Why we’re shifting gears, and focusing on purpose-driven photography trips 

At Penda, we’ve always been interested in exploring the boundaries of what photography travel can achieve; of finding the intersection of incredible photographic experiences and making an impact through the images we create. The COVID-19 pandemic has highlighted the need to sharpen this focus, and to adjust – and improve – how we work. Going forward, we’ll be offering photography travel with a purpose.

Travel is an elemental human activity. While COVID-19 has done what would have seemed impossible a year ago – put travel to a grinding and very damaging halt – it is hard to image that we won’t, once it’s safe again, pack our collective bags again. The desire to explore is simply too strong. 

The merits of travel

Journeys offer us much needed breaks from our own routines, new perspectives, and the ability to break out of our own thought patterns. As author Alain de Botton put it in ‘The Art of Travel,’ “[f]ew places are more conducive to internal conversations than a moving plane, ship or train. There is an almost quaint correlation between what is in front of our eyes and the thoughts we are able to have in our heads: large thoughts at times requiring large views, new thoughts, new places.” 

However, while we’ll most likely pick up our travel habits again, perhaps these habits will see some small shifts. In an interview with National Geographic about the future of travel, G Adventures founder Bruce Poon Tip suggested that we might end up traveling better. “I still believe travel can be the biggest distributor of wealth the world has ever seen,” he said. “This pause gives us the gift of time to consider how we can travel more consciously.”

How we might travel post-COVID

Perhaps this means going on less trips, and choosing our destinations more carefully. Perhaps it means going more green, and keeping our carbon footprints to a minimum. Or perhaps it means picking more purposeful trips that involve volunteering, or otherwise adding value to the places we’ll visit. 

Who knows. We certainly don’t. I think 2020 had taught us that predicting the future is largely futile. But it does just feel like the right time to take he plunge we’ve been wanting to take for a while; focus fully on purpose-driven photography travel, and exploring innovative ways of doing this. 

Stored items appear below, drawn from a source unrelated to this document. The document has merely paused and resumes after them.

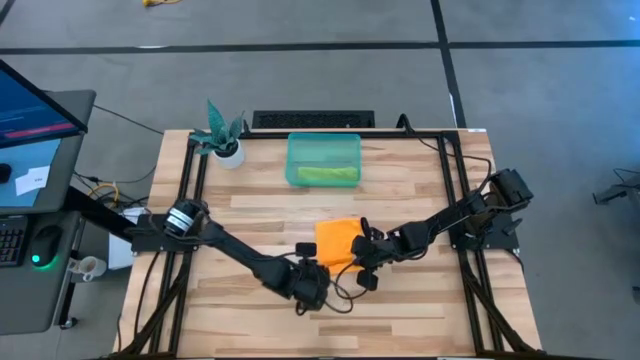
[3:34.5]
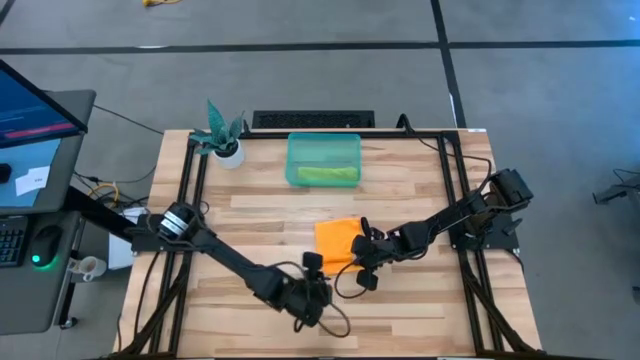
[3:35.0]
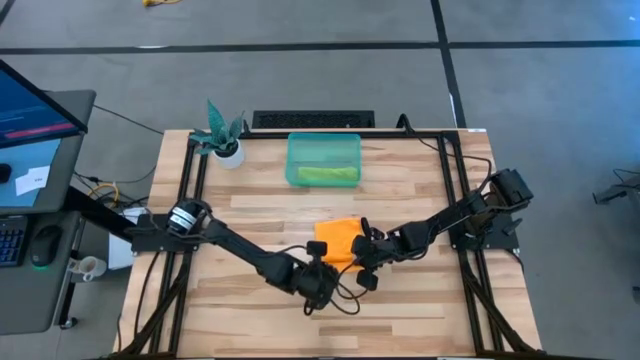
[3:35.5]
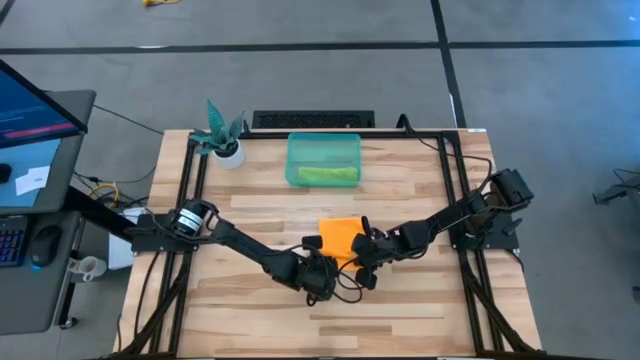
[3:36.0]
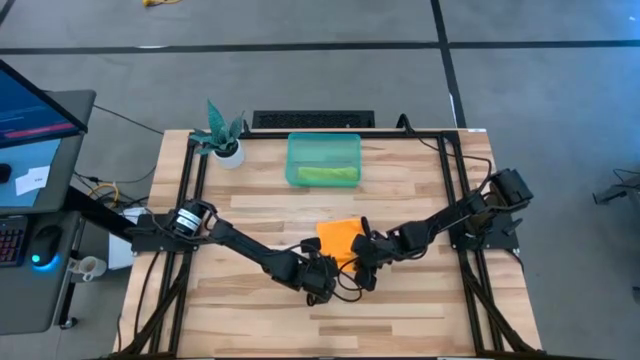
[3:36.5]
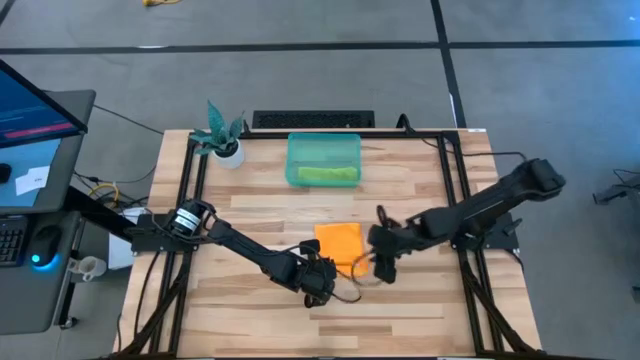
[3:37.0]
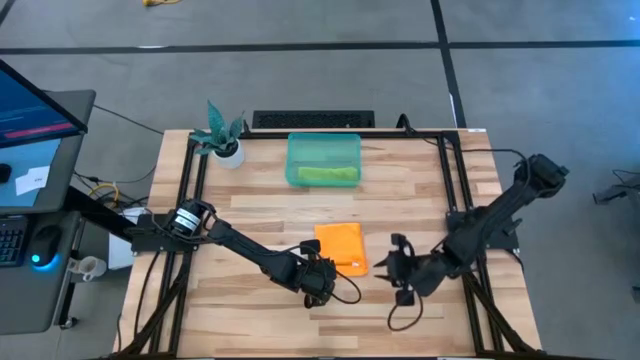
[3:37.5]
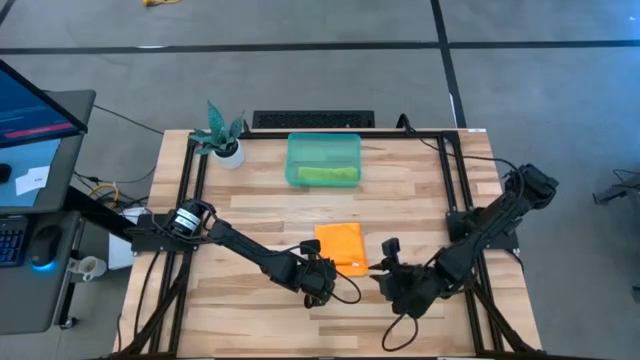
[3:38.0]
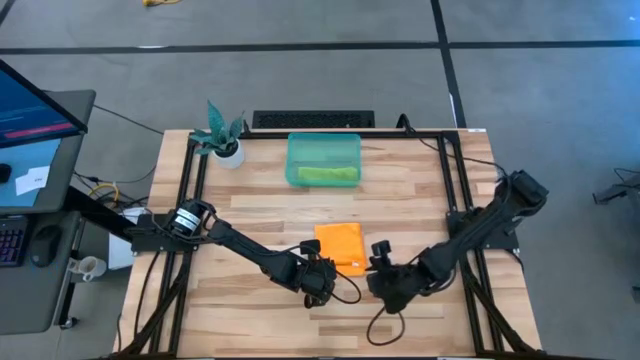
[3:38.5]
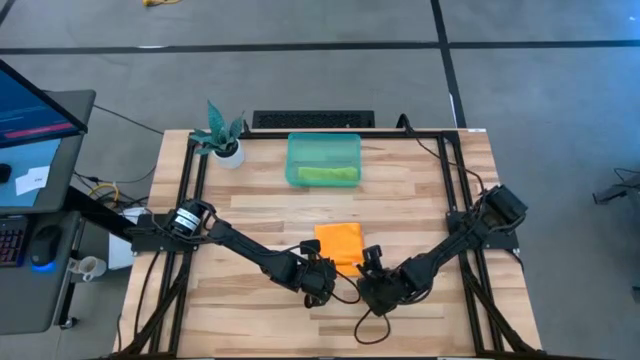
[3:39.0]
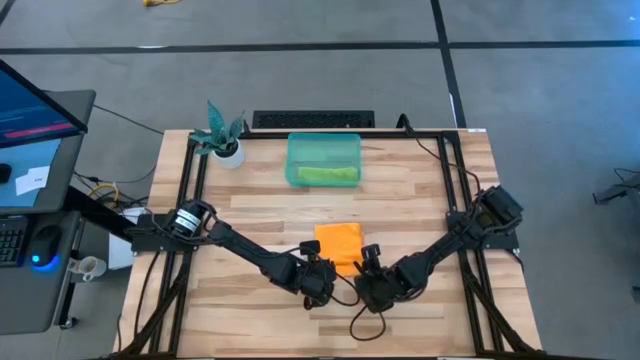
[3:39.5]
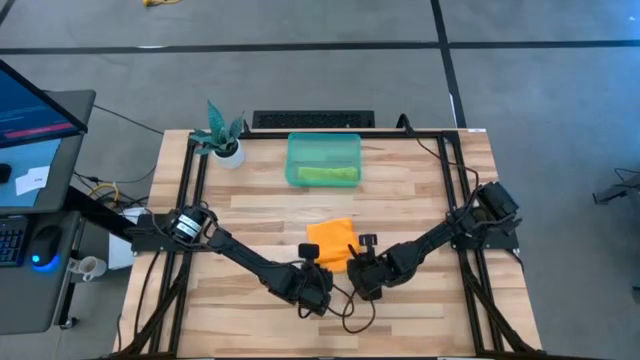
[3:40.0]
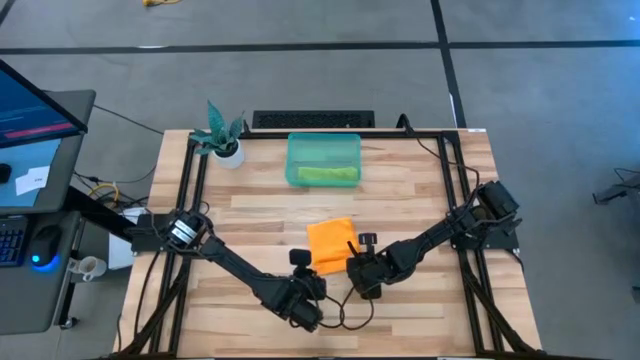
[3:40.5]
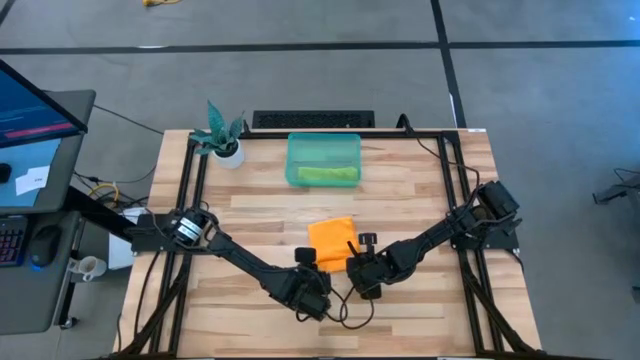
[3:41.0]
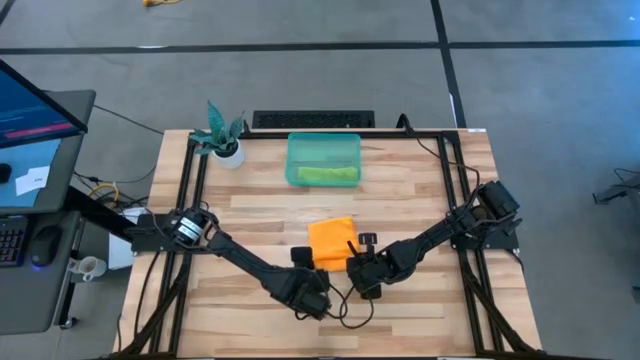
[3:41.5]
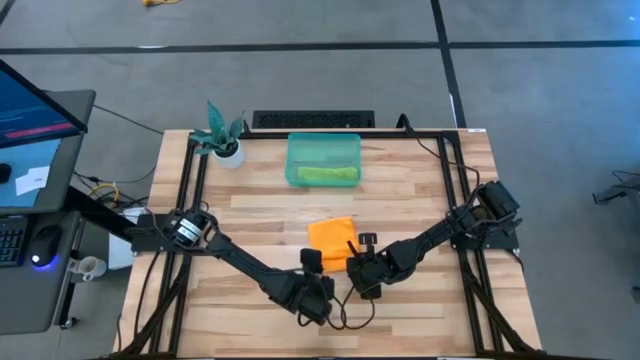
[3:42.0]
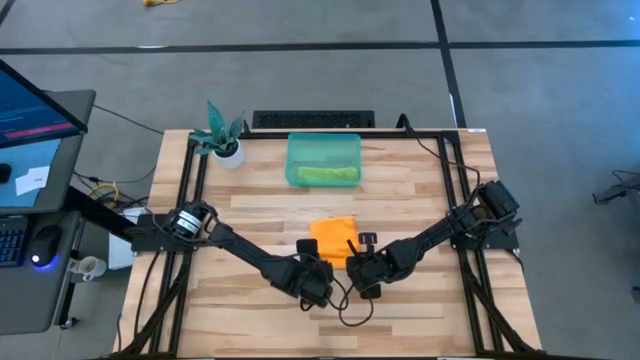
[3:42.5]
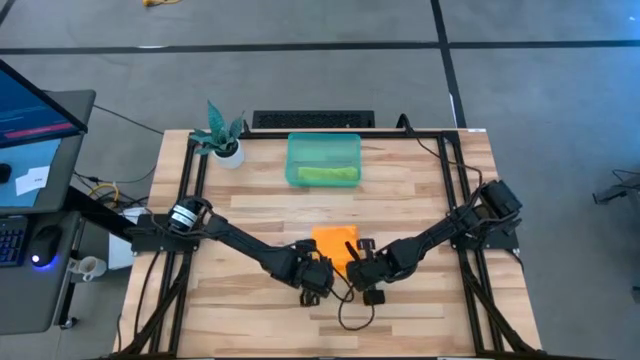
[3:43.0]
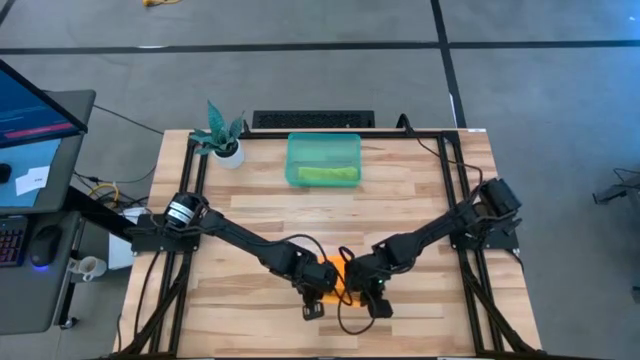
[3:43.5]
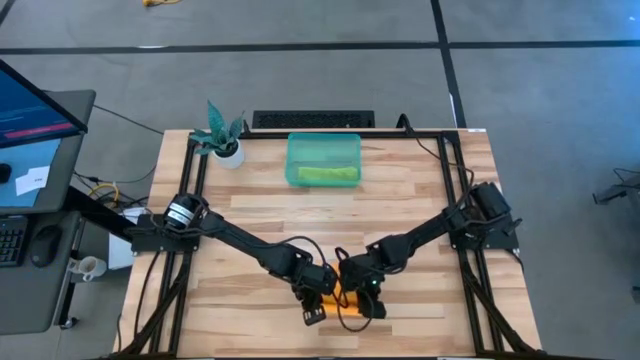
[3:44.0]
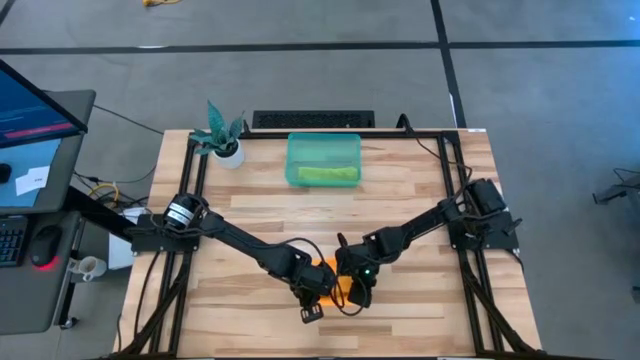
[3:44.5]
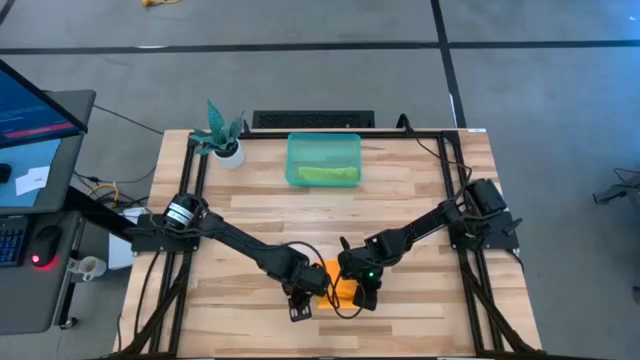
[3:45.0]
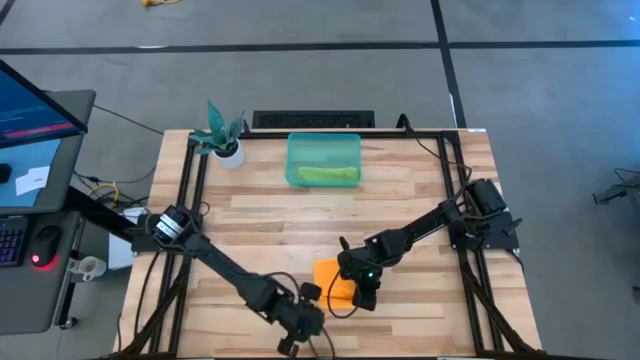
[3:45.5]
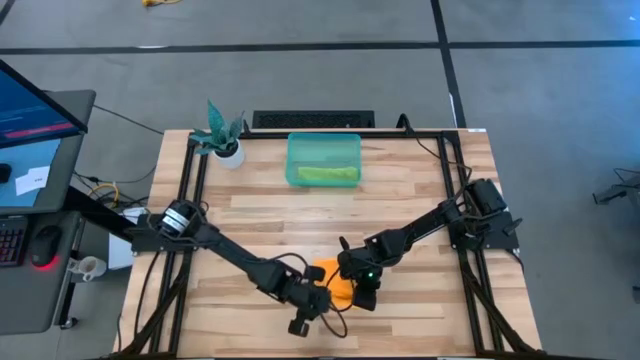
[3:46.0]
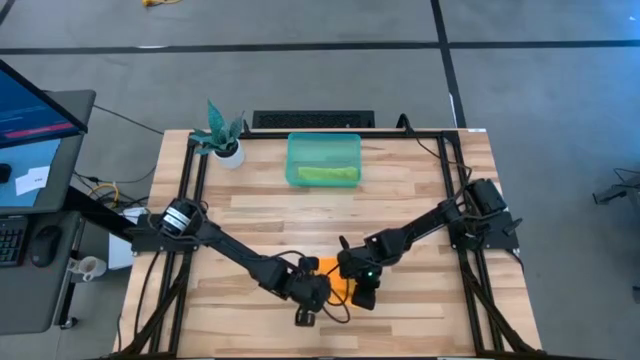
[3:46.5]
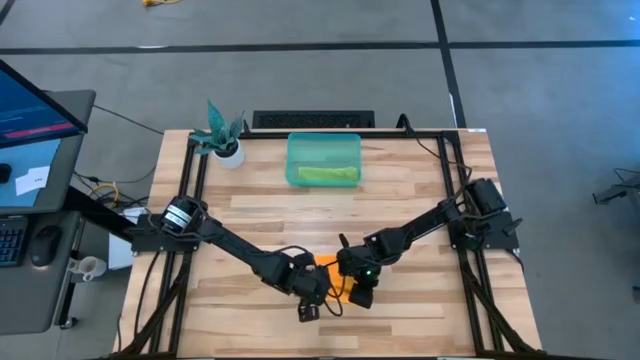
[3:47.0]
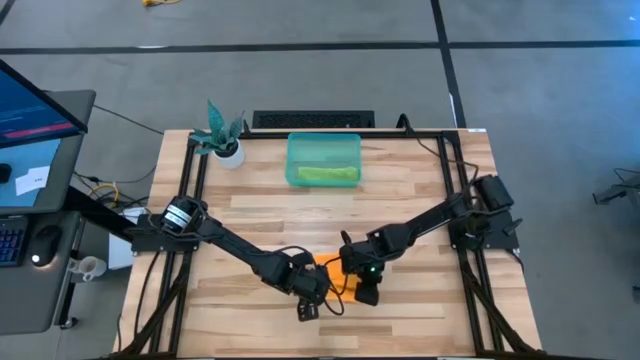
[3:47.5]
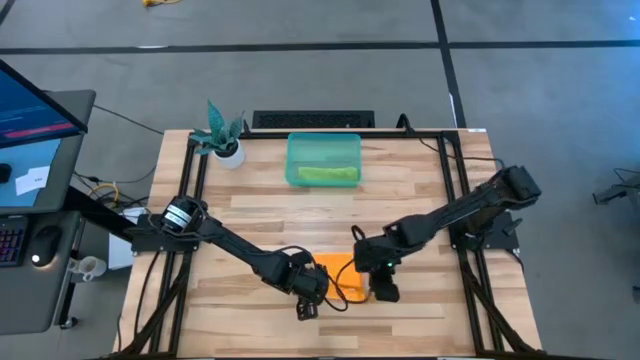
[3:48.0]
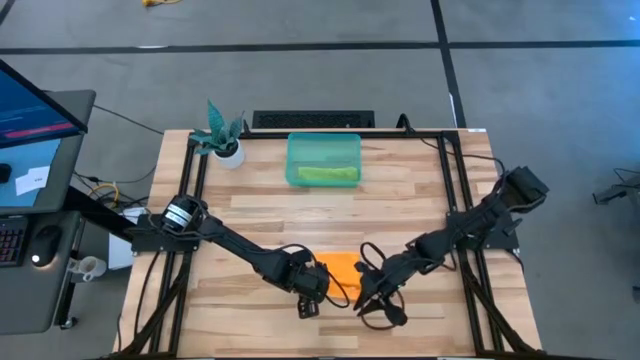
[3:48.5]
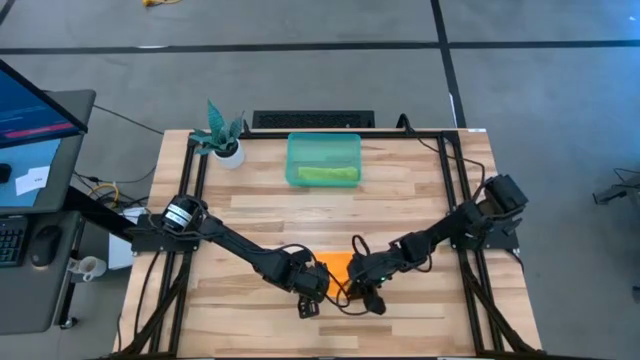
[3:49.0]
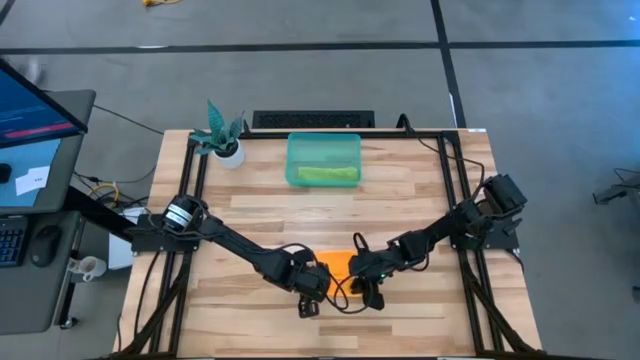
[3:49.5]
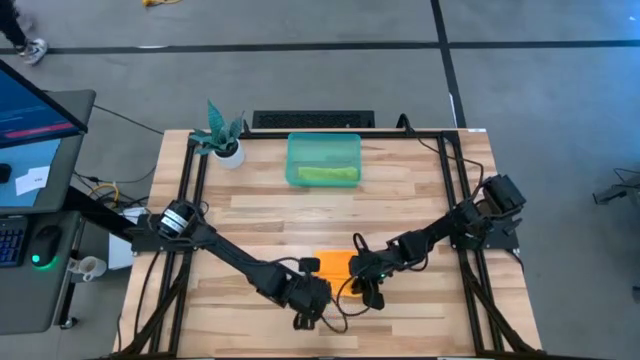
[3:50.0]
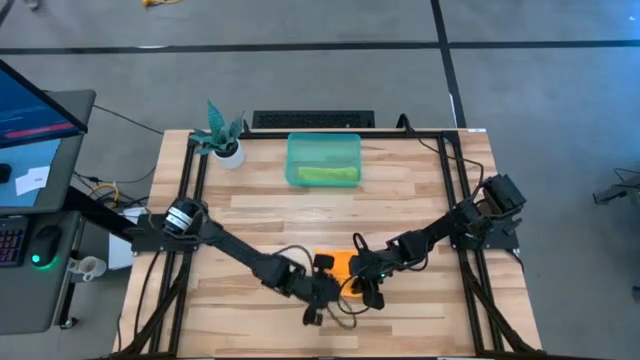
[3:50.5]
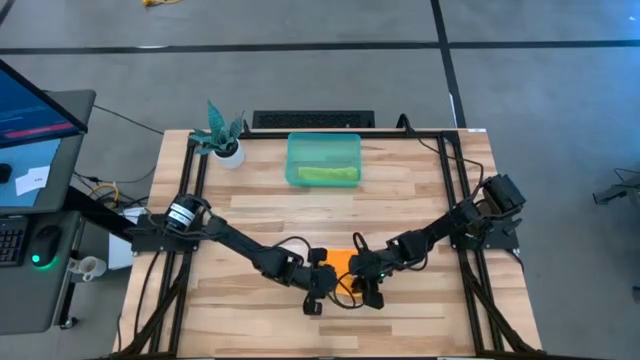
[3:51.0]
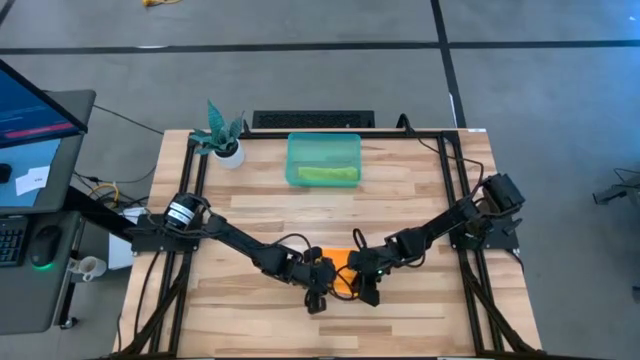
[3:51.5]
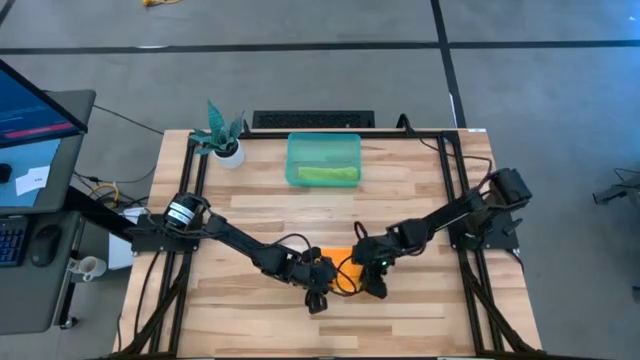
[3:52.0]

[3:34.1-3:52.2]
Task: Roll microfiber towels into tight, uniform cylinder then place into a basket
Roll the orange towel

Combining photography travel with doing impactful work

As the idea for Penda developed, quite a few years ago now, I was drawn to the potential happy marriage between photography travel and nonprofit work. I had seen how mind-blowing a good photography tour could be, and I’d also seen the impact of photography-focused nonprofit work in Southern Africa. So we set up our charity, Penda Trust, and we always kept an eye out for opportunities to embed a do-good element into our trips. But we never took the step to commit to this marriage fully – mostly because it’s not an easy thing to do. 

There are two pitfalls with impact-driving photography trips. One is the potential for the impact you make as a photographer to be superficial as opposed to substantial. It’s easy to put together a project that will make people feel good about themselves, but it’s quite a bit harder to ensure that the impact is real, and lasting.

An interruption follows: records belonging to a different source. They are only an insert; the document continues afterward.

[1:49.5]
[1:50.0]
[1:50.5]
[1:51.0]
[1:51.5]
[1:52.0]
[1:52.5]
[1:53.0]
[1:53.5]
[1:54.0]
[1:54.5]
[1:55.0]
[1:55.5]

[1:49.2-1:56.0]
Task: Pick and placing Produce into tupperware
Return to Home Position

The other is the risk of allowing the nonprofit element to take away from the quality of the photographic experience. We know what photographers want; to be taken to the best locations, at the perfect time of day, with the best possible angle. What if doing something meaningful with photography involves giving in on some of these elements? 

How we’ll move forward

It’s a challenge – but an exciting one. We’ve learned a lot over the past years, and we have some new and exciting ideas of how to create high quality photographic experiences that also have a truly positive effect on a humanitarian or conservation level. And we’ll be fully transparent on what you, as a traveler, can expect. What kind of photographic opportunities you can – and can’t – expect, and what kind of impact you can – and can’t – expect to make. 

So, here we go, Penda 2.0. Some tours and programs will stay the same, some will be adapted, and some new (and exciting!) opportunities will be launched soon. I hope you’re all with us, and that we get to take you on some amazing and purposeful photographic journeys soon. 

We’ll be offering the following types of opportunities; 

  • Humanitarian photography programs 
  • Conservation photography programs 
  • Photo tours (with an embedded impact focus) 
  • Conservation photo safaris 
  • Internships and academic programs 

I do hope you’ll be joining us on this journey!